[WHAT IS BEING ASKED] Copy the records below exactly, omitting any pictures they contain.

┌──

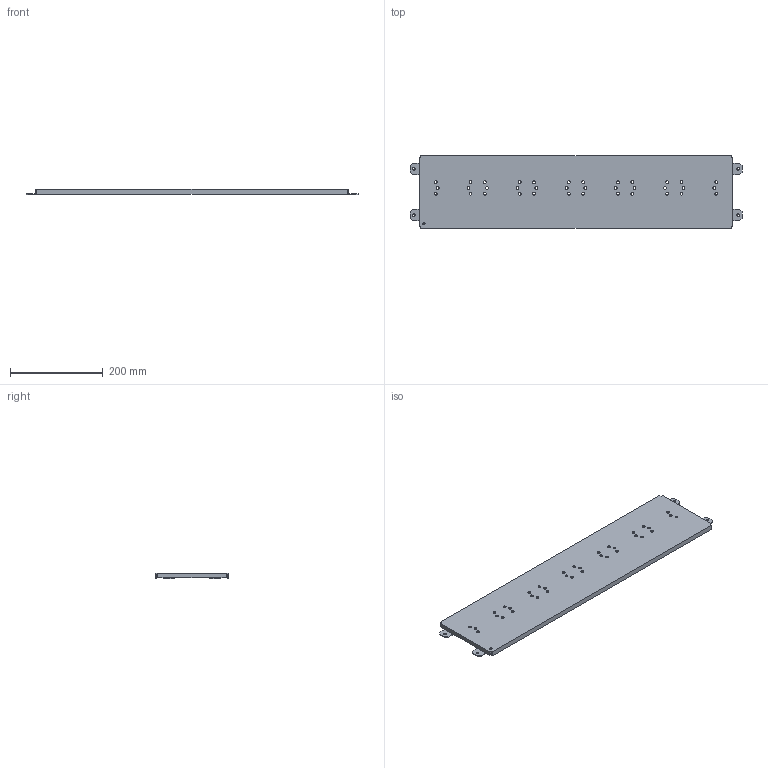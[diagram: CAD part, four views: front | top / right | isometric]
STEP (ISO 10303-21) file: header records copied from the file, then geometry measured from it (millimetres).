
FILE_DESCRIPTION((''),'2;1');
FILE_NAME('PM_K00_PROGECAD_ASM','2023-02-10T12:19:43',('klemen.sitar'),('Audax d.o.o.'),'CREO PARAMETRIC BY PTC INC, 2021304','CREO PARAMETRIC BY PTC INC, 2021304','');
FILE_SCHEMA(('AP242_MANAGED_MODEL_BASED_3D_ENGINEERING_MIM_LF { 1 0 10303 442 1 1 4 }'));
Length unit declared in the file: millimetre
Products named in the file (3): OPEN_CASCADE_STEP_TRANSLA-11486; PM_3_K00_ASM; PM_K00_PROGECAD_ASM
Assembly tree (2 placements, depth 3):
  PM_K00_PROGECAD_ASM
    PM_3_K00_ASM
      OPEN_CASCADE_STEP_TRANSLA-11486
Bounding box: 716 x 157 x 11.5 mm (x, y, z)
Volume: 246359.9 mm3; surface area: 248049.9 mm2
Topology: 1 solids, 1 shells, 136 faces, 390 edges, 256 vertices
Faces by surface type: cylinder 82, plane 54
Entity records: 7196 total; most frequent: DIRECTION 838, CARTESIAN_POINT 794, ORIENTED_EDGE 780, PRESENTATION_STYLE_ASSIGNMENT 527, STYLED_ITEM 527, CURVE_STYLE 390, EDGE_CURVE 390, AXIS2_PLACEMENT_3D 306

└──

[WRITTEN ANSWER]
[diagram: CAD part, four views: front | top / right | isometric]
STEP (ISO 10303-21) file: header records copied from the file, then geometry measured from it (millimetres).
FILE_DESCRIPTION((''),'2;1');
FILE_NAME('PM_K00_PROGECAD_ASM','2023-02-10T12:19:43',('klemen.sitar'),('Audax d.o.o.'),'CREO PARAMETRIC BY PTC INC, 2021304','CREO PARAMETRIC BY PTC INC, 2021304','');
FILE_SCHEMA(('AP242_MANAGED_MODEL_BASED_3D_ENGINEERING_MIM_LF { 1 0 10303 442 1 1 4 }'));
Length unit declared in the file: millimetre
Products named in the file (3): OPEN_CASCADE_STEP_TRANSLA-11486; PM_3_K00_ASM; PM_K00_PROGECAD_ASM
Assembly tree (2 placements, depth 3):
  PM_K00_PROGECAD_ASM
    PM_3_K00_ASM
      OPEN_CASCADE_STEP_TRANSLA-11486
Bounding box: 716 x 157 x 11.5 mm (x, y, z)
Volume: 246359.9 mm3; surface area: 248049.9 mm2
Topology: 1 solids, 1 shells, 136 faces, 390 edges, 256 vertices
Faces by surface type: cylinder 82, plane 54
Entity records: 7196 total; most frequent: DIRECTION 838, CARTESIAN_POINT 794, ORIENTED_EDGE 780, PRESENTATION_STYLE_ASSIGNMENT 527, STYLED_ITEM 527, CURVE_STYLE 390, EDGE_CURVE 390, AXIS2_PLACEMENT_3D 306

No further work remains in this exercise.